И вот, когда мы сбили этот австрийский аэроплан, оба летчика спланировали на наш аэродром, и мы такой кутеж, такой пир с ними устроили! Мы их 24 часа от себя не отпускали вместо того, чтобы сразу отвести в штаб. Кое-кто из офицеров понимал по-немецки. Они нам рассказывали, что у них делается, и мы им рассказывали. Пили, ели, а на другой день чуть не целовались, когда отвезли их в штаб. Отношения тогда были совсем другие.
Таким образом мы увидели их аппараты, насколько они лучше наших. Может быть, мы получали не последние модели французские, потому что уже тогда французская авиация была гораздо лучше немецкой. У нас были полеты всего на три часа, у них - на пять часов. Мы могли поднимать очень маленький груз: можно было взять бомбу в 25 кило, или две бомбы по 10 кило, или пять маленьких по 5 кило. Они могли брать бомбу в 45 кило. А кроме того, когда они над нами летали, то планировали лучше нас, выше нас могли летать. Нам нужно было подыматься чуть ли не 40 минут, чтобы достигнуть высоты в 1000 метров!
Пока я жил в отряде, я домой не писал, что я летаю, я там жил будто бы только в качестве шофера. А то, что я занимаюсь фотографией, так это как любитель. И вот однажды фельдфебель должен был получить отпуск и ехать в Киев. Я ему дал поручение зайти к родителям и кое-что мне привезти. Он решил, что должен мне доставить удовольствие. А самое большое удовольствие - это выставить меня как героя. А родители думали, что раз фельдфебель, Сашенькин начальник, то надо его хорошо принять. И вот его усаживают за стол, дают ему водку, закуску, и он рассказывает, как я хорошо живу с офицерами, в полном тепле. А мать спрашивает: «А что, он летает?» - «Как же, они такие храбрые, они каждый день летают!» У моей матери сделался сердечный приступ, от которого она почти уже не оправилась. Она в 1917 году умерла. Это услуга, которую он мне оказал.
Я вернулся обратно в отцовское дело и занял то место, которое оставил, когда ушел на войну.
Мы были страшно настроены против правительства, которое в буквальном смысле саботирует войну, не умея создавать те условия, которые нужны для снабжения армии и населения продовольствием. Началось движение общественной организации Городов и Земств, которые создали военно-промышленный комитет, а он организовал производство для военных надобностей во всех мастерских. У отца на ювелирной фабрике мы делали маленькие медные втулки для снарядов, где нужна была очень большая точность. Каждой фабрике, которая могла что-то делать, поручалось что-то производить. Отец создал другое помещение, где установлены были станки.
- В чем изменилась ваша жизнь вследствие Февральской революции?

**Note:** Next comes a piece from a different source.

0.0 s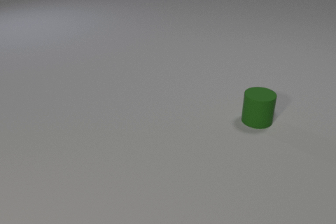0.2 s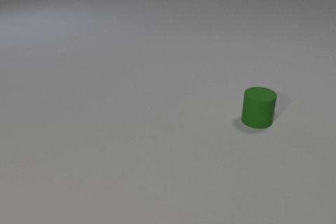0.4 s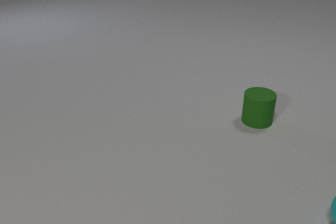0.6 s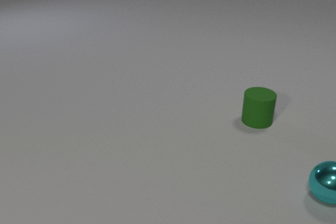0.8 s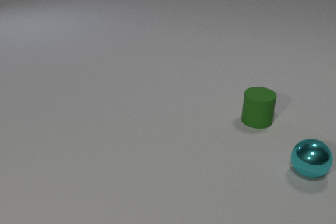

- Деятельность отца ни в чем не изменилась. Он, как купец первой гильдии, имел все права, а так как он очень энергично занялся доставкой военных предметов, то тоже имел некоторые привилегии, которых другие не имели.
Я тогда жил в Киеве и в этих правах особенно не нуждался. У отца в Киеве я имел право жить и как сын, и как его поверенный. А когда случилась революция, я себя почувствовал еще больше на ногах, я мог поехать к брату в Москву, чего раньше не мог. У всех нас был вздох облегчения: вот, наконец, начнется какой-то порядок, какая-то жизнь. И когда в июле 17-го года Керенский подавил выступление большевиков, но недостаточно энергично, мы не понимали, что это конец Временного правительства. Мы думали, что Временное правительство правильно действует, хочет постепенно произвести реформы, хорошенько все обдумать, раньше, чем дать землю крестьянам.
Мы тогда совершенно не понимали, что единственное средство спасти Россию - это сейчас же старое все уничтожить, уничтожить привилегии дворянства. И высшие политические деятели этого не понимали. Я уже в Париже был в большой дружбе с Маклаковым, об этом с ним говорил, и с Переверзевым. Никто не понимал - ни Керенский, ни Маклаков, ни Милюков. Каждый думал, что он сможет удержать.
Когда было отречение Государя, это был общий такой восторг всего населения, всех слоев. Все целовались на улице. Моя мать, старая больная женщина, в феврале 17-го года вышла на мороз, на балкон, без пальто, нашла где-то красную тряпку и в восторге ее повесила на балкон. Старая полуграмотная еврейка уже так была заражена этим настроением освобождения от рабства, от безалаберности, от бесхозяйственности, от убожества этой власти.